Earthenware is fired at 700–800°C without glaze. Pottery, like Matsuyama Tokojo's Iga ware, is fired at 800–1200°C and is porous. Stoneware, such as Tokoname ware or Ichiyougama's Bizen ware, is fired at 1200–1300°C and is non-porous. Porcelain, like Arita and Hasami ware, is fired at 1300°C using silica-rich clay and glaze, resulting in a white, glass-like finish that rings like metal when tapped.

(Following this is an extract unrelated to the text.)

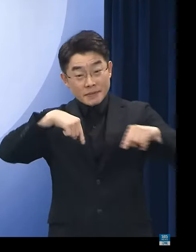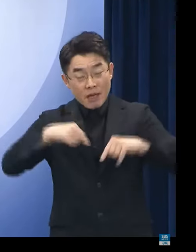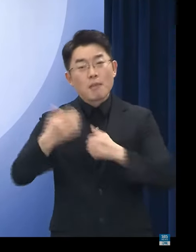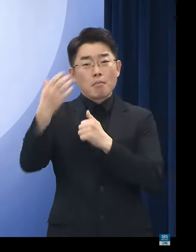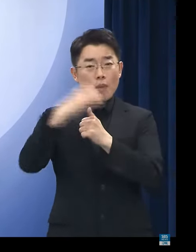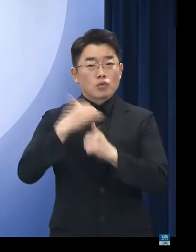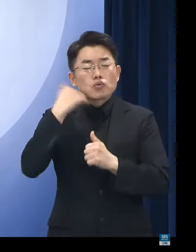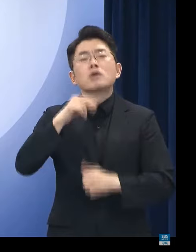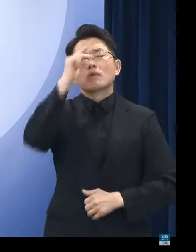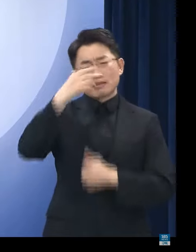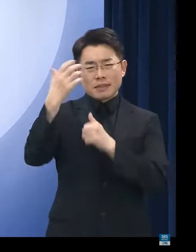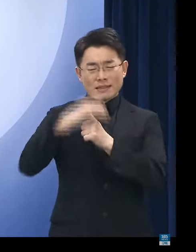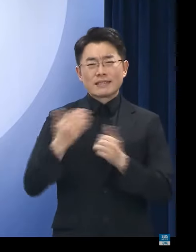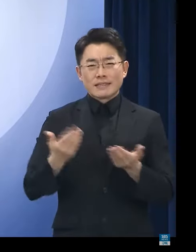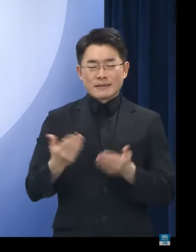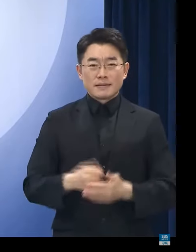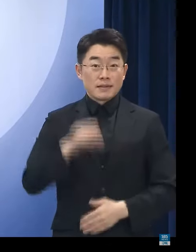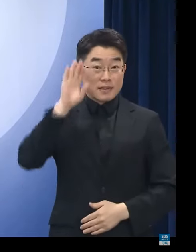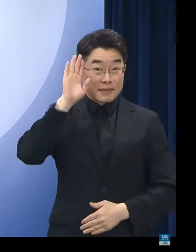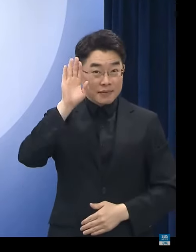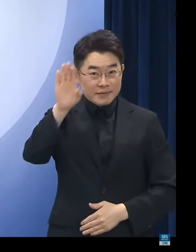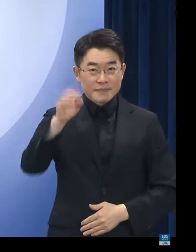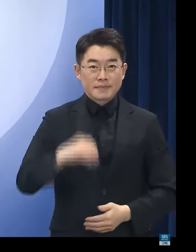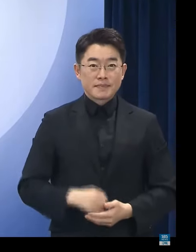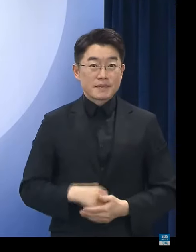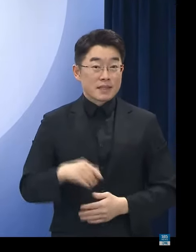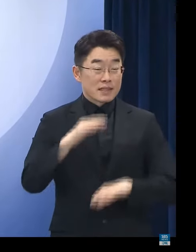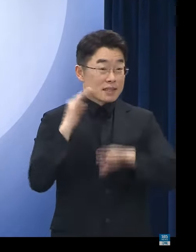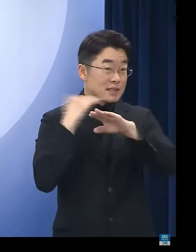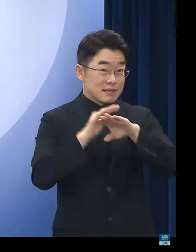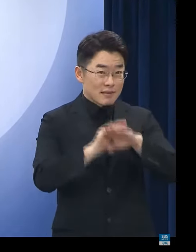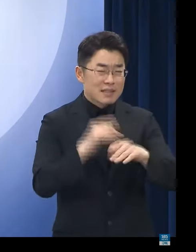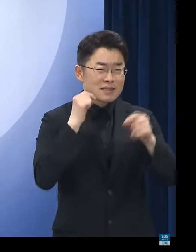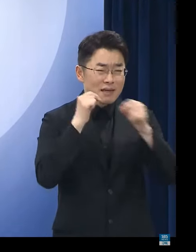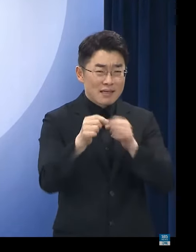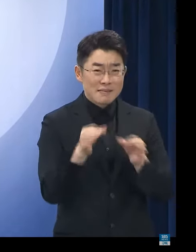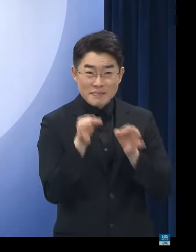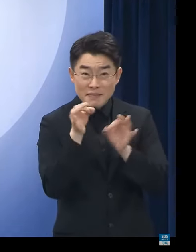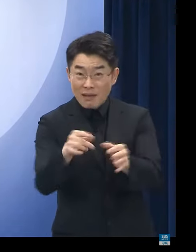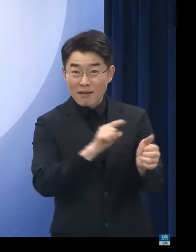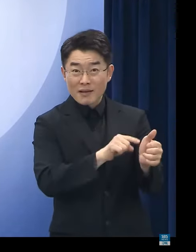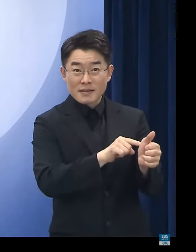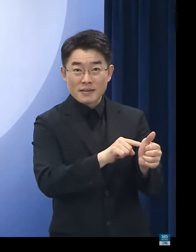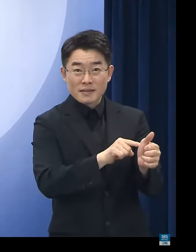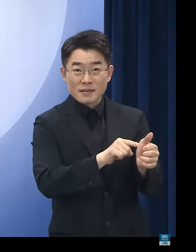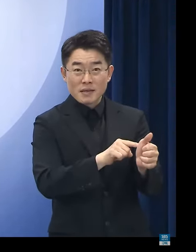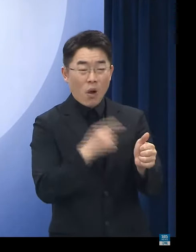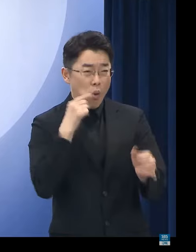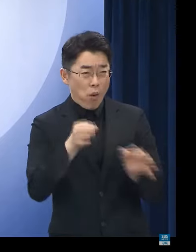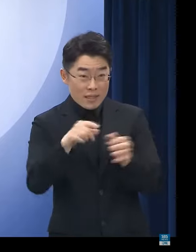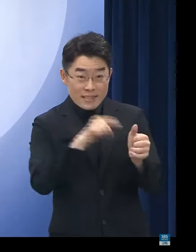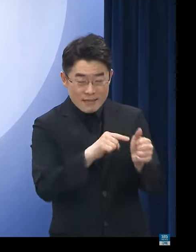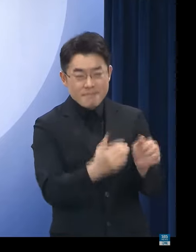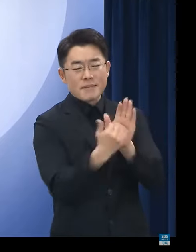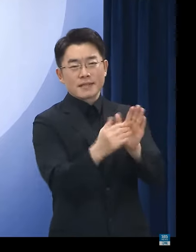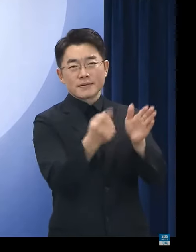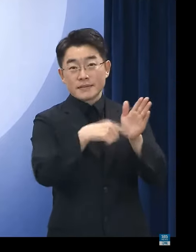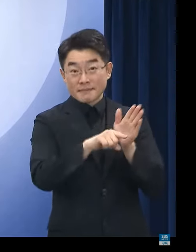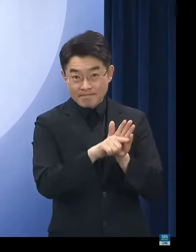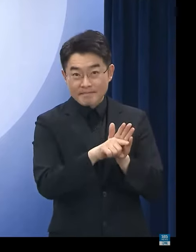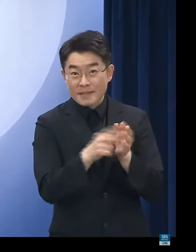임무입니다. 앞으로도 국가적 현안인 전세 사기 범죄가 더 이상 우리 사회에 발붙이지 못하도록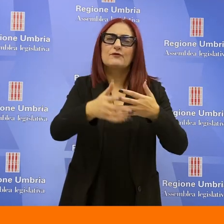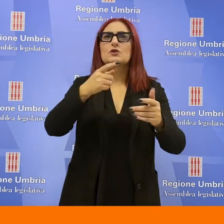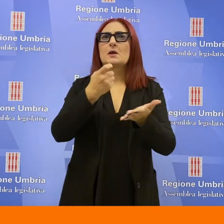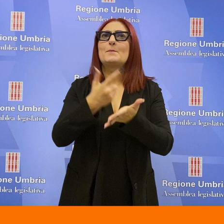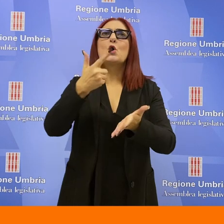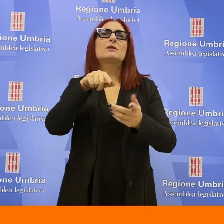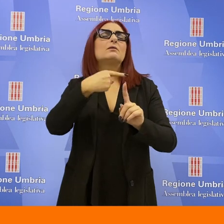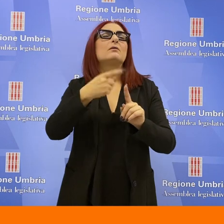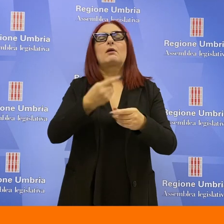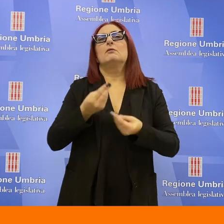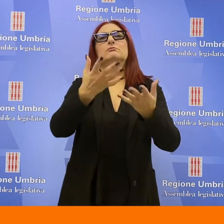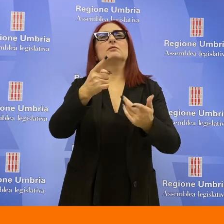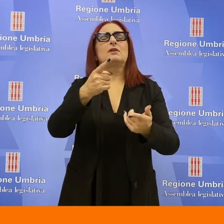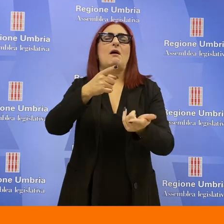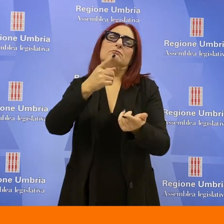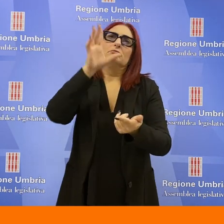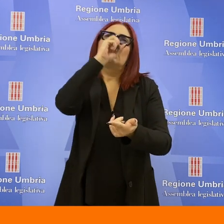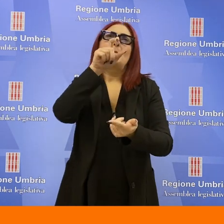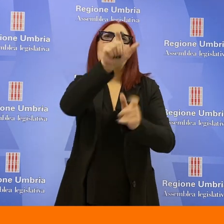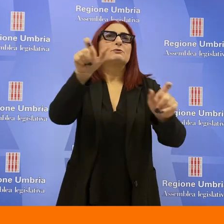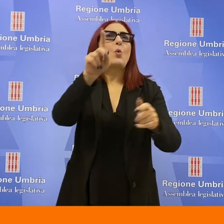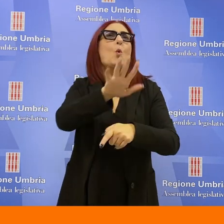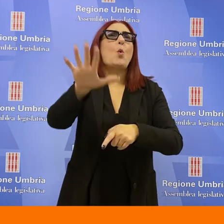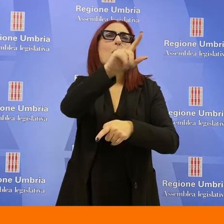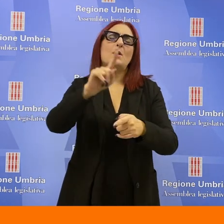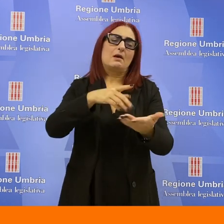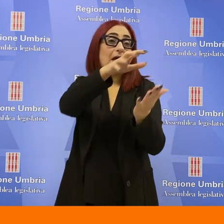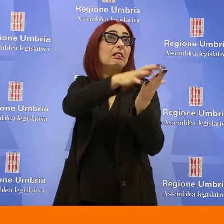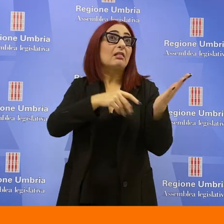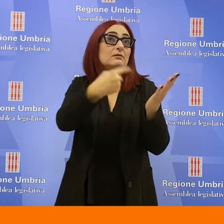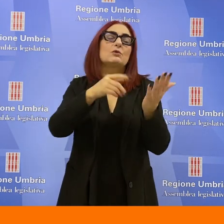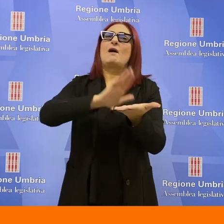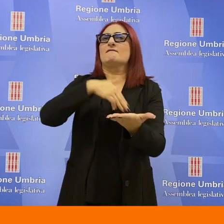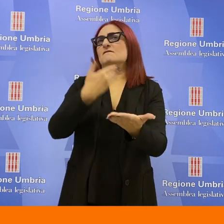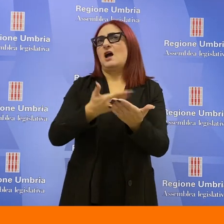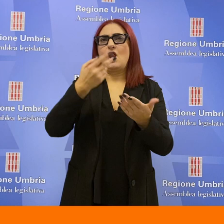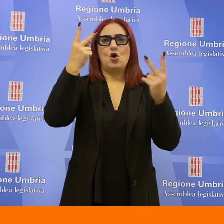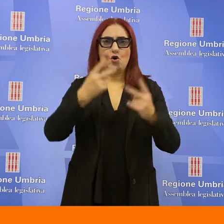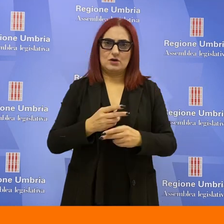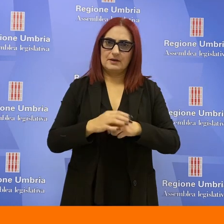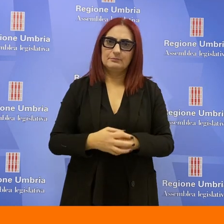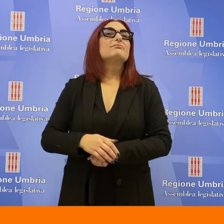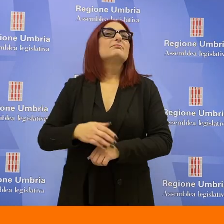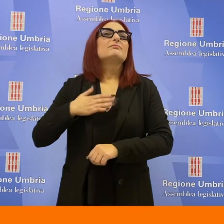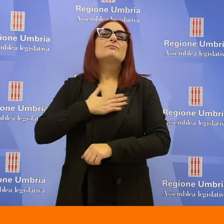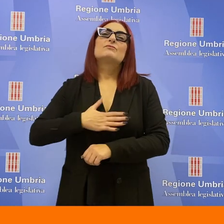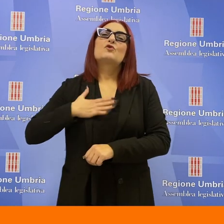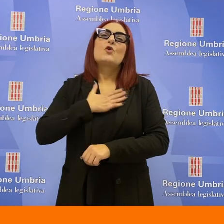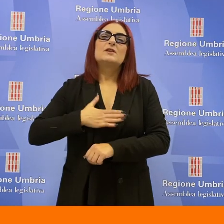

The first Japanese porcelain was made in Arita, Saga Prefecture. In the late 16th century, the potter Kanagae Sanbe'e (Yi Sam-pyeong), brought from Korea by Nabeshima Naoshige, discovered porcelain stone in Izumiyama. Originally called “Imari ware” because it was shipped from Imari Port, Arita porcelain flourished under the protection of the Saga Clan. By the late 17th century, the “Kakiemon style” for European royalty and the “Nabeshima style” for the Shogun were perfected. Exported by the Dutch East India Company, Arita ware became a status symbol for European nobility and influenced Western porcelain production.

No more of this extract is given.